Other transfer taxes are the responsibility of the Seller and include ‘withholding (income) tax at 1% and ‘specific business tax’ (SBT), which is payable if the property is sold within 5 years of the last transfer and levied at 3.3% of the land office appraised value. If not applicable then a 0.5% stamp duty tax is payable.

The withholding or income tax is levied depending on whether the seller is an individual or a company. If the seller is a company the tax is 1% of the sales price or assessed value, whichever is higher. If the seller is an individual then the income tax is calculated on a progressive income tax scale.

Setting Thai Company

As many buyers will know, foreigners cannot own property in their own name in Thailand, except with the exception of condominiums, if it is part of the foreign quota, which forms 49% of the Development. If this does not apply, such as in the purchase of a house or within the 51% Thai quota of a condominium development, then a foreigner must either transfer the property into a Thai individual name or set up a Thai Limited Company to own the property.
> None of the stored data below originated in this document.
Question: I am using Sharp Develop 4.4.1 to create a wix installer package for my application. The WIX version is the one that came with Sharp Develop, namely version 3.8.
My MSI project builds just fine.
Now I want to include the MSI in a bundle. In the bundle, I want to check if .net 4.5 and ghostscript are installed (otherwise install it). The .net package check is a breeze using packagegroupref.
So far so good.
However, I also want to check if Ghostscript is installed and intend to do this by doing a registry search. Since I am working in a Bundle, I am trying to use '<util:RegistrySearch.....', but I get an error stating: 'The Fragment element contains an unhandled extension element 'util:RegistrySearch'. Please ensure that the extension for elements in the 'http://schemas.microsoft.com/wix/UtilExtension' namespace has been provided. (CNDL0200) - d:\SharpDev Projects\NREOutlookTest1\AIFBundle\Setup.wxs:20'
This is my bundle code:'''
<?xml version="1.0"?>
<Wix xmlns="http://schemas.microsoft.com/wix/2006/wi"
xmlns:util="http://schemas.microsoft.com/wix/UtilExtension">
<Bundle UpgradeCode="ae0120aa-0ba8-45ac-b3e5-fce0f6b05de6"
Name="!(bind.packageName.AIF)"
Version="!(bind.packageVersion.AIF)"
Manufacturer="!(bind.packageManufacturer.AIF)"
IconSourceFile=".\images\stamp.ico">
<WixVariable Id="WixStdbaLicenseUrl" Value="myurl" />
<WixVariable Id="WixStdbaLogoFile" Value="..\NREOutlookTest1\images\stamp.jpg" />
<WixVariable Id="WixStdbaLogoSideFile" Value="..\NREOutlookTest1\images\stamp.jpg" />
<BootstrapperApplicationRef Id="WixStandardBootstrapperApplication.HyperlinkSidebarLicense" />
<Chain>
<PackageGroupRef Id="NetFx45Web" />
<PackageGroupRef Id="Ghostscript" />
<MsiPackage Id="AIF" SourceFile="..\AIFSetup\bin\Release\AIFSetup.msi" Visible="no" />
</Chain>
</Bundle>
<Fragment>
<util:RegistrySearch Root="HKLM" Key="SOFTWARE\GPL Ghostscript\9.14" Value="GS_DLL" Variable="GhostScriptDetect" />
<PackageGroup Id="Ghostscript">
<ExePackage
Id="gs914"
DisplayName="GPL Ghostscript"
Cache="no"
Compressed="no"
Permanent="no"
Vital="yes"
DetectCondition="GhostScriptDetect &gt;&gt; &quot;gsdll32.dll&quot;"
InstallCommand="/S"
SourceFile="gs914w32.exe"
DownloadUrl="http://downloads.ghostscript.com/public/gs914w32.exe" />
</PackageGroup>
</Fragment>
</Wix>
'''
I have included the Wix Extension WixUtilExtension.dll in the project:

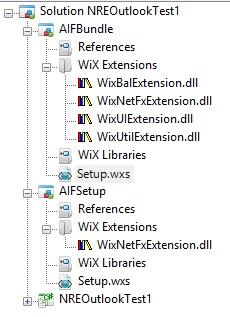
Answer: OK. I am officially an idiot. I have a post compile script running in sharpdevelop that is doing a candle and light action. I forgot to include the extension in the candle command, which gave me the error. DOH!!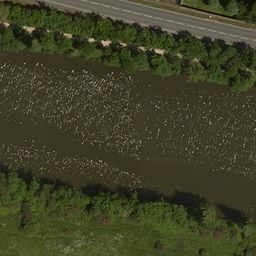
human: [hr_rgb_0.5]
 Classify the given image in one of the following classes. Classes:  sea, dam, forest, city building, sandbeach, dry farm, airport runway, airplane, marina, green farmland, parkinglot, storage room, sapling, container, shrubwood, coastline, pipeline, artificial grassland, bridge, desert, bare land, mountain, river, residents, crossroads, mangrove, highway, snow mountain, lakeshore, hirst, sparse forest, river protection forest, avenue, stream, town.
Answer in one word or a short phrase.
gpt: river
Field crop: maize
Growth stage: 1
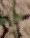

Setting up a Thai limited company for the purposes of owning a property is fairly straight-forward and requires a visit to the Department of Business Development (DBD) which the buyer’s lawyer will carry out as part of the service. A Thai limited company must have a minimum of 3 shareholders, of which 51% of them must be a Thai citizen or another Thai company. A foreigner is allowed to own 49% of the shares of the company.
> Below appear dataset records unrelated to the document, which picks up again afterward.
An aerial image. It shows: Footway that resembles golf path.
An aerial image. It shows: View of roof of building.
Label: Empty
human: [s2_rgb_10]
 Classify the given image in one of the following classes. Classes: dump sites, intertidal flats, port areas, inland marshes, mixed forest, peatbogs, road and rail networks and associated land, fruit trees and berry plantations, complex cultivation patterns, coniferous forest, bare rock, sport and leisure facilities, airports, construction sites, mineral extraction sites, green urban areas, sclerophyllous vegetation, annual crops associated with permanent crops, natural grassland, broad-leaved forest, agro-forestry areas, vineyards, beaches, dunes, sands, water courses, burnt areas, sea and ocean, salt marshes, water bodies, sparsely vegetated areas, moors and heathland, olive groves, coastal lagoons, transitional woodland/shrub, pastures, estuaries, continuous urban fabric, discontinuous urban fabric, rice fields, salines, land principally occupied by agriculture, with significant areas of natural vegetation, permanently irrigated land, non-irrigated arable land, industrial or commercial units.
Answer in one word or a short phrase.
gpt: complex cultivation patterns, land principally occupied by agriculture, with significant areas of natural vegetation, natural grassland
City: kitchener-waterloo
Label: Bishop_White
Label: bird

The usual structure for buyers setting up a company for the purposes of owning land is that the foreigner takes 49% of the shares and then divides the 51% of the shares between their 2 nominated Thai shareholders in whatever proportion they wish. For example 26% and 25% or 48% and 3%. The foreigner can then also ultimately be the sole Director of the company. In practice, on the initial transfer of the property into a Thai limited company at the land office, the company structure must show a Thai shareholding of 100%. The 49% of the foreigners’ ultimate shareholding is often held by one of the lawyer’s staff temporarily until the land is transferred into the company and then changed immediately afterwards to the foreigner at the DBD.

The company valuation and the value of the shareholding depends of the value of the property. Such that, if a property is valued by the land office at 2 million Thai baht then a company with a share valuation of 2 million Thai baht must be registered.

The normal cost for setting up a Thai limited company with a share capital of 1 million Thai baht is THB 25,000 and the costs increase by THB 10,000 for every 1 million Thai baht of share capital.